DLP-01: Enabling Sensitive Data Classification
Overview
Sensitive data classification in Microsoft 365 uses trainable classifiers and sensitive information types (SITs) to automatically identify and label confidential information. This is the foundation for effective data loss prevention (DLP), enabling organizations to:
- Automatically detect sensitive data like credit card numbers, SSNs, and health records
- Apply sensitivity labels to protect documents and emails
- Enable DLP policies that prevent unauthorized sharing
- Meet compliance requirements for data protection (GDPR, HIPAA, PCI-DSS)
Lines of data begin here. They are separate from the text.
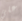
علي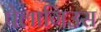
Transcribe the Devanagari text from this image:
पेलागिउस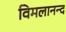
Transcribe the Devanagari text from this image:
विमलानन्द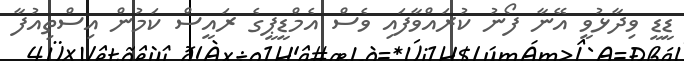
ޑީޑީ ވިދާޅުވީ އޭނާ ފޯނު ކުރައްވާފައި ވެސް އެމްޑީޕީގެ ރައީސް ކަމުން އިސްތިއުފާ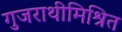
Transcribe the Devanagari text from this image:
गुजराथीमिश्रित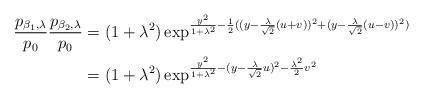
LaTeX: \begin{align*}\frac{p_{\beta_{1},\lambda}}{p_{0}}\frac{p_{\beta_{2},\lambda}}{p_{0}}&=(1+\lambda^{2})\exp^{\frac{y^{2}}{1+\lambda^{2}}-\frac{1}{2}((y-\frac{\lambda}{\sqrt{2}}(u+v))^{2}+(y-\frac{\lambda}{\sqrt{2}}(u-v))^{2})}\\&=(1+\lambda^{2})\exp^{\frac{y^{2}}{1+\lambda^{2}}-(y-\frac{\lambda}{\sqrt{2}}u)^{2}-\frac{\lambda^{2}}{2} v^{2} }\end{align*}

- Provide visibility into where sensitive data exists in your organization
This guide covers enabling and configuring sensitive data classification in Microsoft 365.
Prerequisites
Required Roles
- Global Administrator - Full configuration access
- Compliance Administrator - Data classification and DLP configuration
- Information Protection Administrator - Sensitivity label management
- Security Administrator - Policy configuration
Required Licenses
| Feature | License Required |
|---|---|
| Basic sensitivity labels | Microsoft 365 Business Basic/Premium |
| Auto-labeling | Microsoft 365 E5 or E5 Compliance |
| Content explorer | Microsoft 365 E5 or E5 Compliance |
| Trainable classifiers | Microsoft 365 E5 or E5 Compliance |
| DLP policies | Microsoft 365 E5 or E5 Compliance |
| Endpoint DLP | Microsoft 365 E5 or E5 Compliance |
Required Permissions
- Access to Microsoft Purview compliance portal
- Content explorer permissions (Content Explorer Content Viewer role)
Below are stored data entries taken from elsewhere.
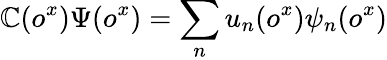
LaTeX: \mathbb{C}(o^{x})\Psi(o^{x})=\sum_{n}u_{n}(o^{x})\psi_{n}(o^{x})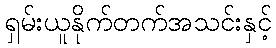
ရှမ်းယူနိုက်တက်အသင်းနှင့်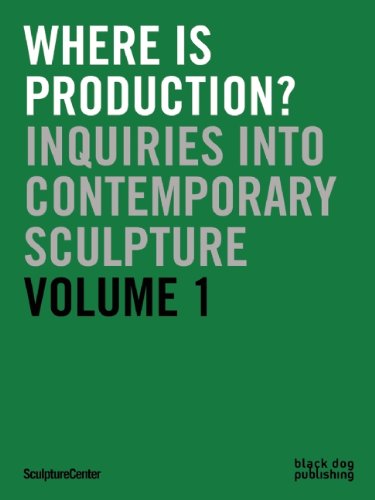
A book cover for Where is Production?: Inquiries into Contemporary Sculpture vol 1; Arts & Photography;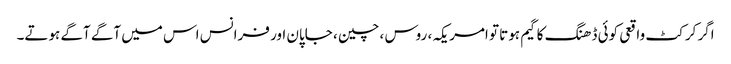
اگر کرکٹ واقعی کوئی ڈھنگ کا گیم ہوتا تو امریکہ ، روس ، چین ، جاپان اور فرانس اس میں آگے آگے ہوتے۔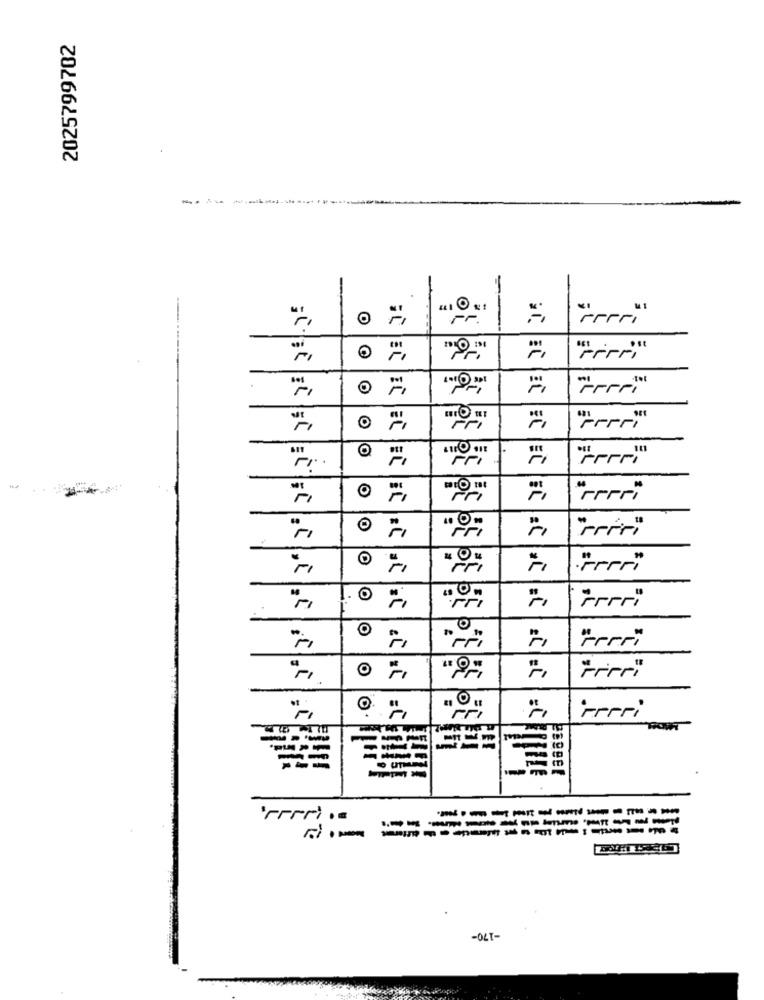
2025799702
----
O
"Fr .
=
"Ferr"
EC
=
O
EC
FRI
=
*1
Perri
Ferri
-m
'rrrri .
-----------
-----
-170-

- Access to Microsoft 365 admin center
Prerequisites Checklist
- Microsoft 365 E5 or E5 Compliance licenses assigned
- Sensitivity labels enabled in tenant
- Users are actively using Microsoft 365 services
- Audit logging is enabled
Time Estimate
| Task | Duration |
|---|---|
| Planning classification requirements | 2-4 hours |
| Configuring sensitive information types | 1-2 hours |
| Creating sensitivity labels | 2-3 hours |
| Configuring auto-labeling policies | 2-3 hours |
| Testing and validation | 1-2 days |
| User training | 2-4 hours |
| Total | 2-4 weeks (including rollout) |
Step-by-Step Instructions
Step 1: Review Current Data Classification Status
Before configuring, understand your current state:
-
Navigate to Microsoft Purview: https://compliance.microsoft.com
-
Go to Data classification in the left navigation
-
Review the Overview dashboard:
- Top sensitive information types detected
- Top sensitivity labels applied
- Data distribution by location
-
Click Content explorer to see classified content:
- Review detected sensitive data types
- Identify where sensitive data is stored
- Note any gaps in classification
Note: Content explorer requires E5 license and may take 24-48 hours to populate initially.
Step 2: Understand Sensitive Information Types (SITs)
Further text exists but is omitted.